April 9, 2020
Avoid Ontario Probate Tax with Joint Ownership | No Dumb Tax Questions

Avoid Ontario Probate Tax with Joint Ownership | No Dumb Tax Questions

Taxes … Feh! Who needs them? Well, actually, we all do. At least if we want to keep our cities, provinces,
and Oh, Canada operating.. Still, that doesn’t mean we have to like
’em! Perhaps the most irritating taxes are the
ones that occur upon death. It’s stressful enough when we lose a loved
one. Does the government really need to take a
cut of their worldly goods??? Maybe that’s why you’ve thought about
establishing joint ownership with right of survivorship on some of your assets. In Ontario, it can be a tempting way to get
around having to pay probate taxes when you go. Should you do it? For some, it may make sense. BUT. If you decide to use joint ownership to avoid
Ontario’s probate taxes, there also are some “gotchas.” Before you leap at the idea, let’s take
a look at the risks involved. By the way, to get a jump on other money matters,
be sure to subscribe to my “No Dumb Questions” YouTube channel. Forewarned is forearmed when preserving your
family wealth! We all want to keep our cherished assets intact
and untaxed when the time comes to pass them on to your loved ones. As you make your estate plans – as I talked
about in an earlier video you may have asked your lawyer this excellent “No Dumb Question”:
“How can I minimize taxes when transferring my estate? One approach is to put your assets in joint
name. In Ontario, this means establishing “joint
ownership with right of survivorship.” That’s joint ownership or JWRS for short. Call it what you will, if one JWRS owner predeceases
the other, the jointly held assets automatically transfer to the surviving owner by law, instead
of becoming part of the estate settlement. This means the assets do NOT go through probate
… which means they DON’T incur probate taxes. So far, so good. Probate is the legal process for certifying
that your final will is your final will,, and your estate administrators are the legal
authority to deal with your assets. For many years, Ontario residents have faced
a probate fee or tax to the tune of a half-percent on the first $50,000 of your estate value,
plus 1.5% on the rest. To put that in context, if your estate is
worth $2 million, probate taxes would be about $30,000. Who wouldn’t want to keep this kind of cash
in the family??? Then again, I can think of at least a half
dozen reasons that letting the probate tax “tail” wag your estate planning “dog”

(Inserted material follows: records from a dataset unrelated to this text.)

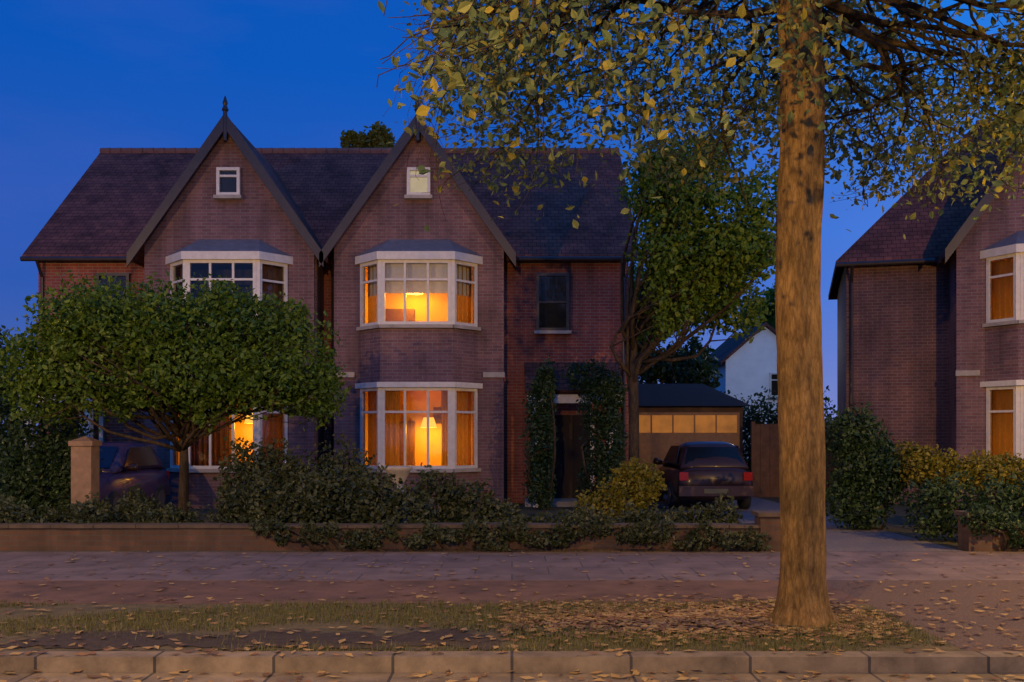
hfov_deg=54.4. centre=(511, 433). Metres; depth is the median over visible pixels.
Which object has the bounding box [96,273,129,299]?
window
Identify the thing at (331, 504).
hedge
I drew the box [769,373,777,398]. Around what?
window
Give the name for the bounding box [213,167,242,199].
window
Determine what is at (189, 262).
window
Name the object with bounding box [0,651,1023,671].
kerb
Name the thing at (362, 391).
window
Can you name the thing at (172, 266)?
window
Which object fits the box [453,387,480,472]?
window
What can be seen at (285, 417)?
window
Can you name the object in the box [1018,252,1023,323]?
window
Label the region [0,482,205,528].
shrub
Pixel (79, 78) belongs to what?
sky
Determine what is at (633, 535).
ivy
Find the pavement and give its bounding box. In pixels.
[0,552,1023,580]
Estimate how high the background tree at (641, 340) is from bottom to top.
8.655 m
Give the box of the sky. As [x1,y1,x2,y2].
[0,0,1023,431]
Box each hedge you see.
[203,459,496,524]
[477,487,743,522]
[720,385,835,471]
[900,462,1023,541]
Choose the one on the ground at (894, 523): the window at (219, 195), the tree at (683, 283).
the tree at (683, 283)
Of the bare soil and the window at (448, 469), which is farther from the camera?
the window at (448, 469)
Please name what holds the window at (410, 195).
in the brick house at (461, 322)
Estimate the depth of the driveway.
16.36 m
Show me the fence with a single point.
(765, 457)
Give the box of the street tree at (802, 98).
[376,0,1023,630]
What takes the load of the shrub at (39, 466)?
on the ground at (894, 523)
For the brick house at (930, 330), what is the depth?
23.75 m
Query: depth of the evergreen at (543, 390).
22.04 m
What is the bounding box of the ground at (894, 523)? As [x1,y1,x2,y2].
[0,445,1023,551]
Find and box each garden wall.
[0,510,779,550]
[954,510,1023,550]
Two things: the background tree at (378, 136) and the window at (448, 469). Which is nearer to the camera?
the window at (448, 469)
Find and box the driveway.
[649,495,960,550]
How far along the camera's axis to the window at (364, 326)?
23.02 m
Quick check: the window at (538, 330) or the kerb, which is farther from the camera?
the window at (538, 330)
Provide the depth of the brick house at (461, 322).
23.10 m
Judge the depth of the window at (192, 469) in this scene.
22.47 m
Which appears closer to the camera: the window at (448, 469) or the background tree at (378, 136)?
the window at (448, 469)
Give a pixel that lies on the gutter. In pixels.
(488, 677)
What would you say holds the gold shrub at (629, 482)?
on the ground at (894, 523)
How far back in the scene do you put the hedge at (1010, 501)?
15.47 m
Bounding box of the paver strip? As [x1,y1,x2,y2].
[0,581,866,603]
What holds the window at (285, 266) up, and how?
in the brick house at (461, 322)
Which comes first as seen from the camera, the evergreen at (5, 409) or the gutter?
the gutter
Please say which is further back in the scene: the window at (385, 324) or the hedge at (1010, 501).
the window at (385, 324)
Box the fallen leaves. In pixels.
[0,550,1023,681]
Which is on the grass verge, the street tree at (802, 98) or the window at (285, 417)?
the street tree at (802, 98)
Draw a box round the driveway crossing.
[826,581,1023,650]
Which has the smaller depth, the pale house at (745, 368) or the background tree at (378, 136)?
the background tree at (378, 136)
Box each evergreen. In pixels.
[0,325,32,495]
[518,354,557,509]
[559,358,628,506]
[824,401,913,529]
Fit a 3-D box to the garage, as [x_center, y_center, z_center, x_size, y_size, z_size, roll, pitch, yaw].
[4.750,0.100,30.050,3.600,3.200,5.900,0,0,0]
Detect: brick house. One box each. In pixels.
[19,96,638,508]
[828,119,1023,508]
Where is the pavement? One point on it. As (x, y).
(666, 566)
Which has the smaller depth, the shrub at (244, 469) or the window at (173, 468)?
the shrub at (244, 469)
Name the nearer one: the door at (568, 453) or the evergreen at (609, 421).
the evergreen at (609, 421)
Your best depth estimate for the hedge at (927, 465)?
17.24 m
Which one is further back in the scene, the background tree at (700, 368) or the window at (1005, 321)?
the background tree at (700, 368)
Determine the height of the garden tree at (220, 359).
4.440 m
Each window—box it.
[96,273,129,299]
[166,415,178,471]
[170,260,182,308]
[187,260,255,325]
[188,407,255,472]
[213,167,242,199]
[260,260,287,305]
[260,405,287,471]
[356,260,379,330]
[360,388,378,471]
[379,260,452,327]
[379,387,452,472]
[404,167,432,199]
[453,260,480,330]
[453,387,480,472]
[534,273,570,333]
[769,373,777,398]
[982,253,1017,326]
[983,386,1014,470]
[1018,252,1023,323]
[1020,385,1023,471]
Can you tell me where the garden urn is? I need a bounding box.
[384,466,412,522]
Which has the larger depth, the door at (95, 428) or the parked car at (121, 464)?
the door at (95, 428)
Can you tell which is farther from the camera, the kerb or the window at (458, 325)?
the window at (458, 325)
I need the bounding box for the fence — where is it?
[751,421,841,496]
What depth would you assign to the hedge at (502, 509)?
15.22 m
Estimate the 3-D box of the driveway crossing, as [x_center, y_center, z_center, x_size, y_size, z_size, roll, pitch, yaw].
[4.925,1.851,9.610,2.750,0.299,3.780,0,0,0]
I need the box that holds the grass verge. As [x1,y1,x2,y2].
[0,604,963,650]
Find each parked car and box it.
[26,442,169,519]
[653,441,752,508]
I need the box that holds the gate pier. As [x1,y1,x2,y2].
[68,436,101,522]
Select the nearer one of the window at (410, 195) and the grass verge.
the grass verge
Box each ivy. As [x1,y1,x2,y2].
[248,510,771,551]
[958,501,1023,551]
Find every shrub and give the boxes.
[0,392,102,522]
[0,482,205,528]
[212,428,384,522]
[574,456,667,522]
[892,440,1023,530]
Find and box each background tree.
[340,121,396,147]
[628,261,673,383]
[637,335,722,388]
[737,282,775,332]
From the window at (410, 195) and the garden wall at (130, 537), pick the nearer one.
the garden wall at (130, 537)
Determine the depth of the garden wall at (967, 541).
14.40 m
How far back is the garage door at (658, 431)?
27.33 m
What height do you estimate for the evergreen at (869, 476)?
2.292 m
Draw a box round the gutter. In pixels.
[0,672,1023,681]
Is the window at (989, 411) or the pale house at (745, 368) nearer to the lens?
the window at (989, 411)
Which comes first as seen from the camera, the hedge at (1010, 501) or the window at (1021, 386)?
the hedge at (1010, 501)
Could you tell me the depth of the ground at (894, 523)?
18.79 m
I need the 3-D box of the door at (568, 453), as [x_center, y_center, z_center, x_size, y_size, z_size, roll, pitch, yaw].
[1.450,0.565,24.261,0.900,2.030,0.072,0,0,0]
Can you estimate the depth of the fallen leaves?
8.83 m
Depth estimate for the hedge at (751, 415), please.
33.80 m
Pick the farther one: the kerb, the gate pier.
the gate pier
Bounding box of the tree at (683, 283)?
[610,129,778,507]
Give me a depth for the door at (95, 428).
24.24 m
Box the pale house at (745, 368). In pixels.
[704,322,777,458]
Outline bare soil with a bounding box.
[0,628,499,650]
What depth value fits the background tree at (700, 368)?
35.46 m
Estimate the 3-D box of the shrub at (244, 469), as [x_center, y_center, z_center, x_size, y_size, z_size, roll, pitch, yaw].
[-3.497,0.820,16.497,2.844,1.810,1.396,0,0,-22]
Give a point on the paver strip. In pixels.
(100, 592)
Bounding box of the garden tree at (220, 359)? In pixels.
[0,270,351,522]
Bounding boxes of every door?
[64,415,98,442]
[553,415,589,497]
[628,412,739,494]
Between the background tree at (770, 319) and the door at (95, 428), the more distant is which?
the background tree at (770, 319)
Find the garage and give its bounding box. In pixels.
[628,384,751,494]
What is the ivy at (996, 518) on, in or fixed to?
attached to the garden wall at (967, 541)
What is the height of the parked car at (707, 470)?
1.520 m

could leave you getting bitten in the end. Establishing joint ownership to avoid probate
tax may only be a good idea if it also makes sense within you and your family’s greater
goals and circumstances. First, probate taxes aren’t the only kind
of taxes around. If you want to establish joint ownership with
someone other than your spouse, you may have to dispose of the asset first, for tax purposes. For example, say you’d like to add your
child or a sibling as a joint owner of the family cottage. Guess what? If you don’t plan the transaction just so,
that could mean a tax bill.. Another tax-related tip to be aware of is
that changing ownership to joint does not enable income splitting on your tax returns. The income attributes back to whoever accumulated
the asset, even once it’s jointly held. Credit and asset protection are also important
factors to consider. Are you a business owner in an occupation
where lawsuits happen? If so, your spouse may be best off owning
assets separately … just in case. Similarly, if your adult child has partial
ownership of your home and is sued or goes through a divorce, and you have not properly
documented the gift for matrimonial law purposes, their interest in your home could end up in
very wrong hands. There are a host of other related control
issues to mull over before you sign on the bottom line of a joint contract. Joint ownership isn’t just a theoretical
exercise. You really and truly are sharing ownership
rights, responsibilities AND risks. Bottom line, you’d better be able to trust
one another, come what may. For example, let’s say a widow decides to
put the family home in joint name with her son. Once it’s a joint, she’ll need her
son’s consent if she ever wishes to sell the property. She has to get his consent. Needless to say, this could create some stressful
conversations that are not in kind that you had in mind at the time you transferred it. Bottom line, if you are considering establishing
joint ownership to avoid probate taxes, make sure you’ve thought through all the dynamics
involved. Too often, I’ve seen well-intended families
focusing on avoiding probate tax while losing sight of protecting the bigger asset itself. What other questions can I tackle for you
and your family in future “No Dumb Questions”? Let me know, and then subscribe to my channel
and connect with me on LinkedIn. I think you’ll find the conversations are
never too taxing!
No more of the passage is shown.